(Stored records)
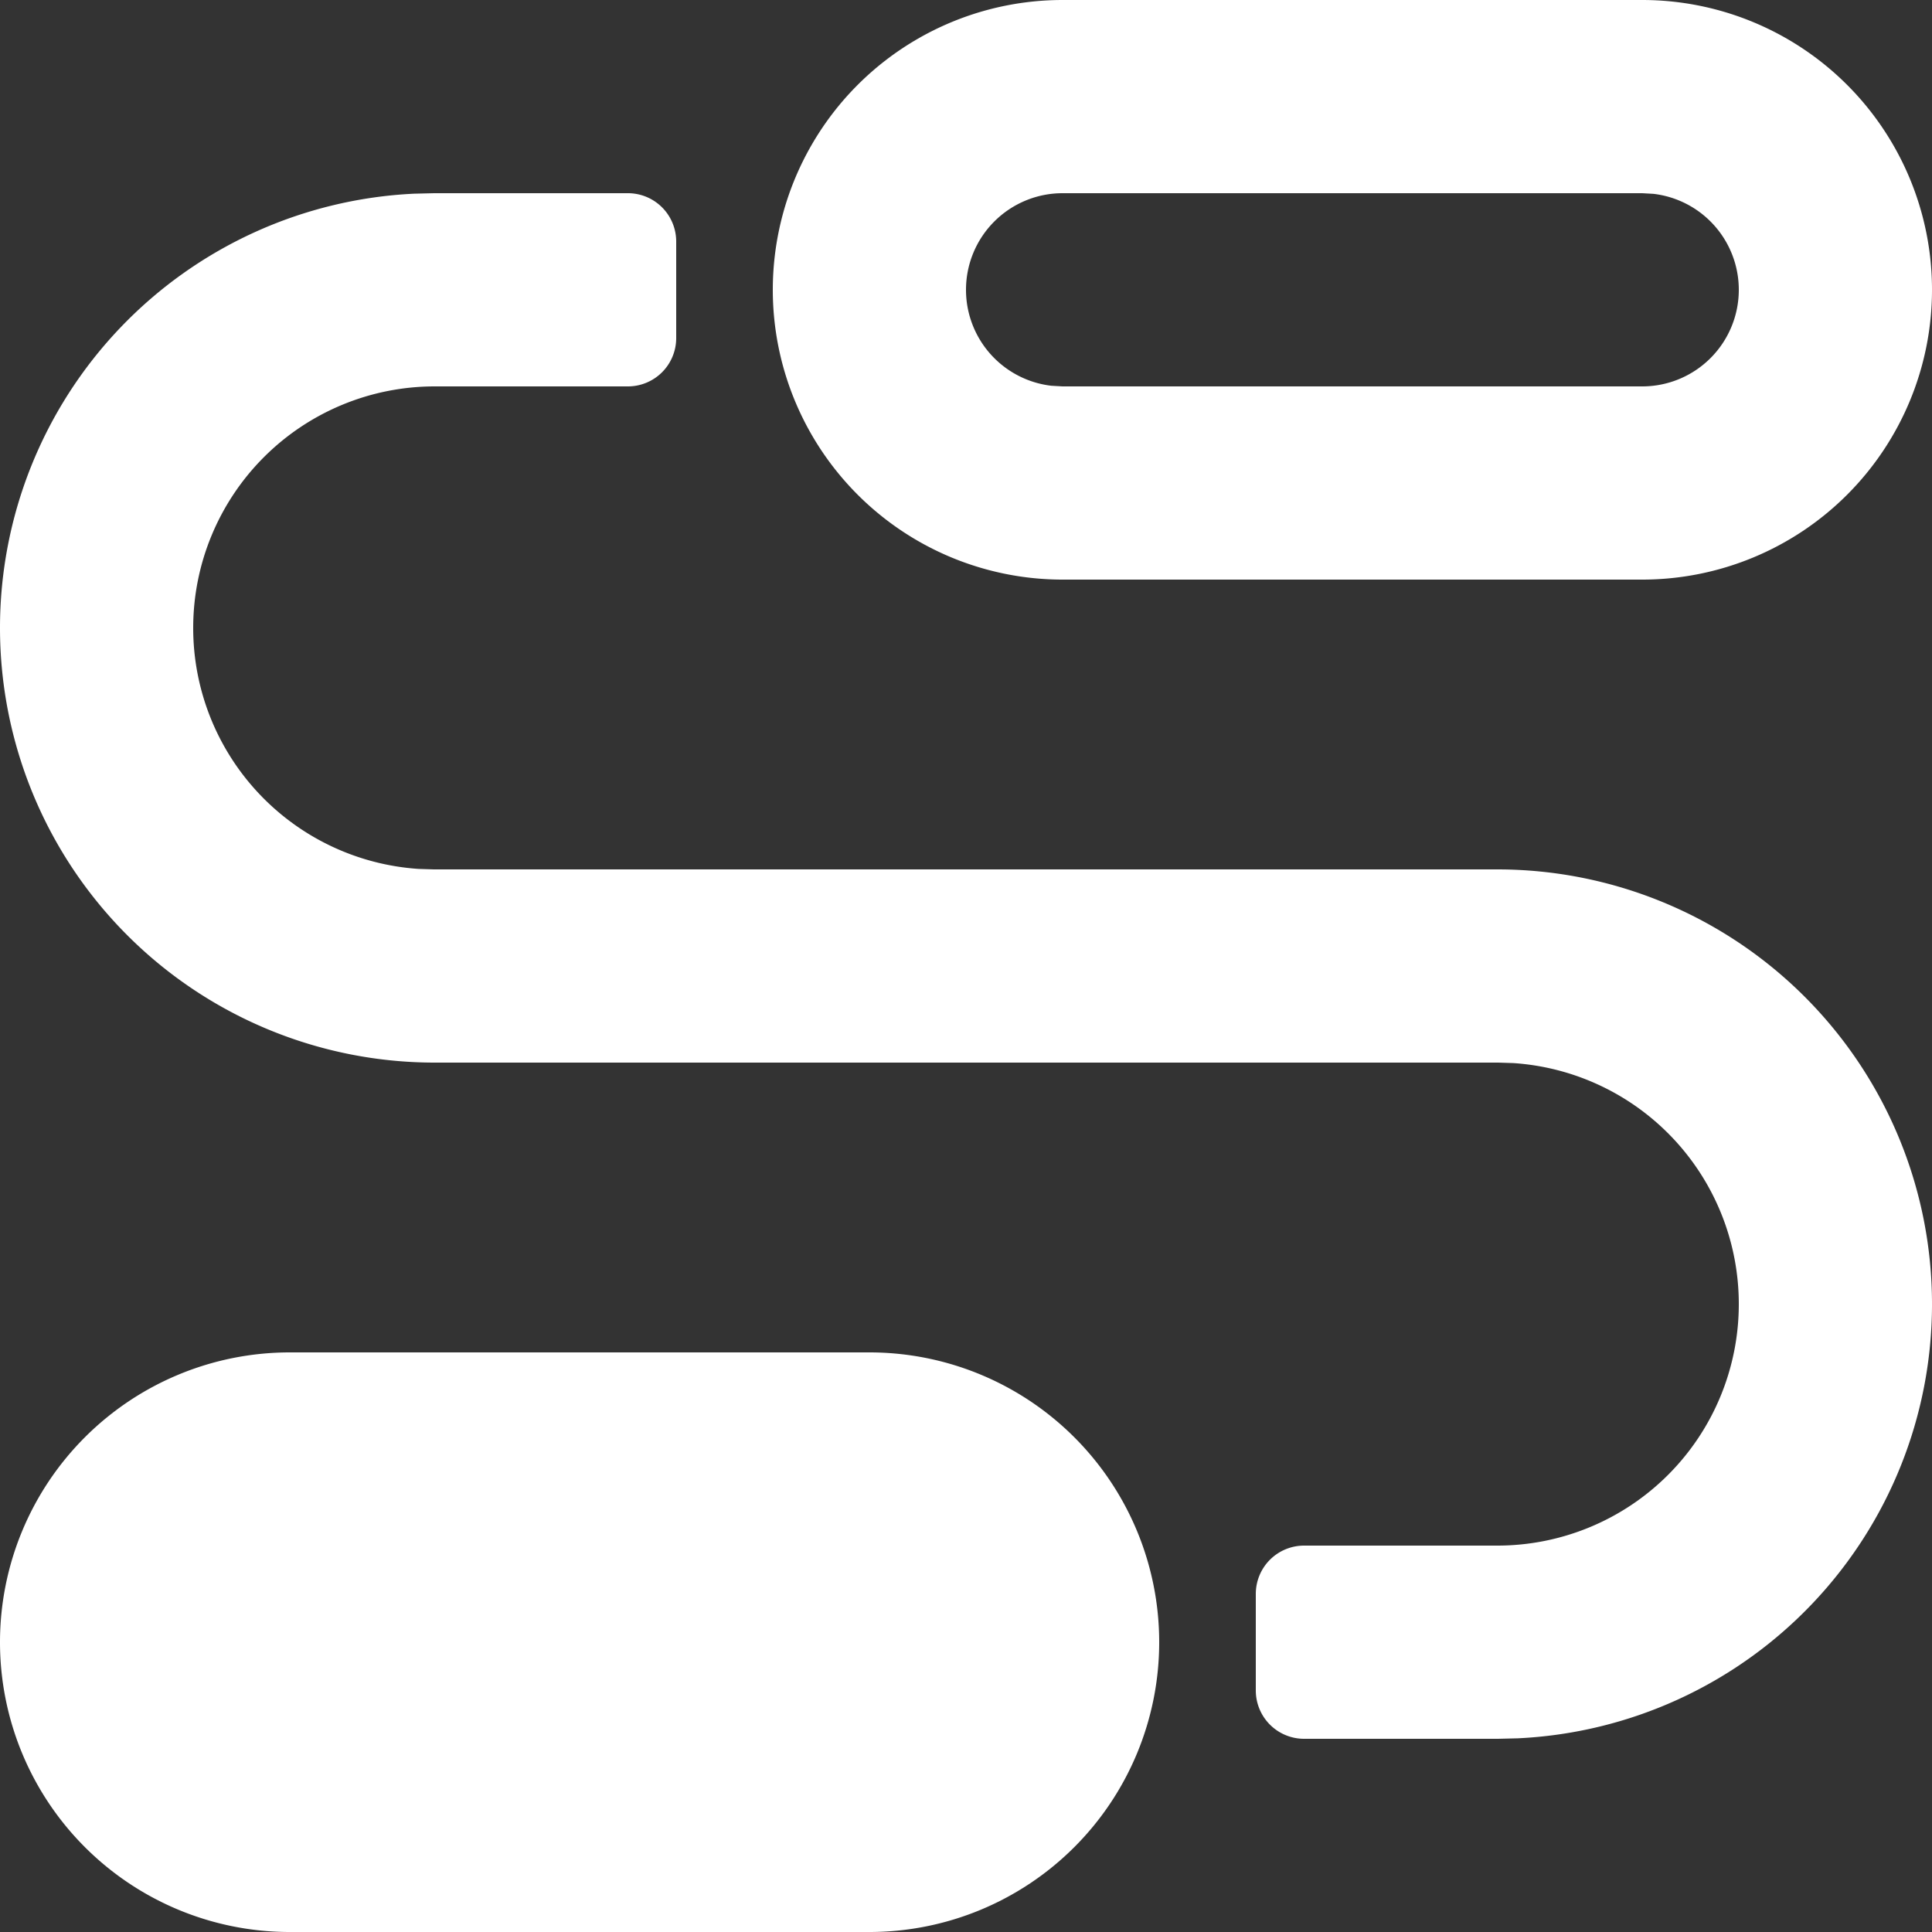 <svg xmlns="http://www.w3.org/2000/svg" width="24" height="24" viewBox="0 0 24 24">
  <rect x="0" y="0" width="24" height="24" fill="#333333" stroke="none"/>
  <defs>
    <style>
      .cls-1 {
        fill: #fff;
      }
    </style>
  </defs>
  <path id="路径_878" data-name="路径 878" class="cls-1" d="M10.8-3.2a3.6,3.6,0,1,1,0,7.2H3.6a3.6,3.6,0,1,1,0-7.2ZM8.4-17v1.2a.6.6,0,0,1-.6.6H5.4a3,3,0,0,0-3,3A3,3,0,0,0,5.2-9.206L5.39-9.2H18.6A5.4,5.4,0,0,1,24-3.8a5.4,5.4,0,0,1-5.146,5.394l-.247.006H16.2a.6.6,0,0,1-.6-.6V-.2a.6.6,0,0,1,.6-.6h2.4a3,3,0,0,0,3-3,3,3,0,0,0-2.8-2.994L18.61-6.8H5.4A5.4,5.4,0,0,1,0-12.2a5.4,5.4,0,0,1,5.146-5.394l.247-.006H7.8A.6.6,0,0,1,8.4-17Zm12-3A3.6,3.6,0,0,1,24-16.4a3.6,3.6,0,0,1-3.6,3.6H13.2a3.6,3.6,0,0,1-3.6-3.6A3.6,3.6,0,0,1,13.2-20Zm0,2.4H13.2A1.2,1.2,0,0,0,12-16.4a1.2,1.2,0,0,0,1.06,1.192l.14.008h7.2a1.2,1.2,0,0,0,1.2-1.2,1.2,1.2,0,0,0-1.06-1.192Z" transform="translate(0 20)"/>
</svg>

• [WHAT TO PRODUCE]:
Return every line of the data above exactly, and omit all pictures.

• [RESULT OF THIS EXERCISE]:
 <svg xmlns="http://www.w3.org/2000/svg" width="24" height="24" viewBox="0 0 24 24">
  <rect x="0" y="0" width="24" height="24" fill="#333333" stroke="none"/>
  <defs>
    <style>
      .cls-1 {
        fill: #fff;
      }
    </style>
  </defs>
  <path id="路径_878" data-name="路径 878" class="cls-1" d="M10.8-3.2a3.6,3.6,0,1,1,0,7.2H3.6a3.6,3.6,0,1,1,0-7.2ZM8.4-17v1.2a.6.6,0,0,1-.6.6H5.4a3,3,0,0,0-3,3A3,3,0,0,0,5.2-9.206L5.39-9.2H18.6A5.4,5.4,0,0,1,24-3.8a5.4,5.4,0,0,1-5.146,5.394l-.247.006H16.2a.6.6,0,0,1-.6-.6V-.2a.6.6,0,0,1,.6-.6h2.4a3,3,0,0,0,3-3,3,3,0,0,0-2.8-2.994L18.61-6.8H5.4A5.4,5.4,0,0,1,0-12.2a5.4,5.4,0,0,1,5.146-5.394l.247-.006H7.8A.6.6,0,0,1,8.4-17Zm12-3A3.6,3.6,0,0,1,24-16.4a3.6,3.6,0,0,1-3.6,3.6H13.2a3.6,3.6,0,0,1-3.6-3.6A3.6,3.6,0,0,1,13.2-20Zm0,2.4H13.2A1.2,1.2,0,0,0,12-16.4a1.2,1.2,0,0,0,1.06,1.192l.14.008h7.2a1.2,1.2,0,0,0,1.2-1.2,1.2,1.2,0,0,0-1.06-1.192Z" transform="translate(0 20)"/>
</svg>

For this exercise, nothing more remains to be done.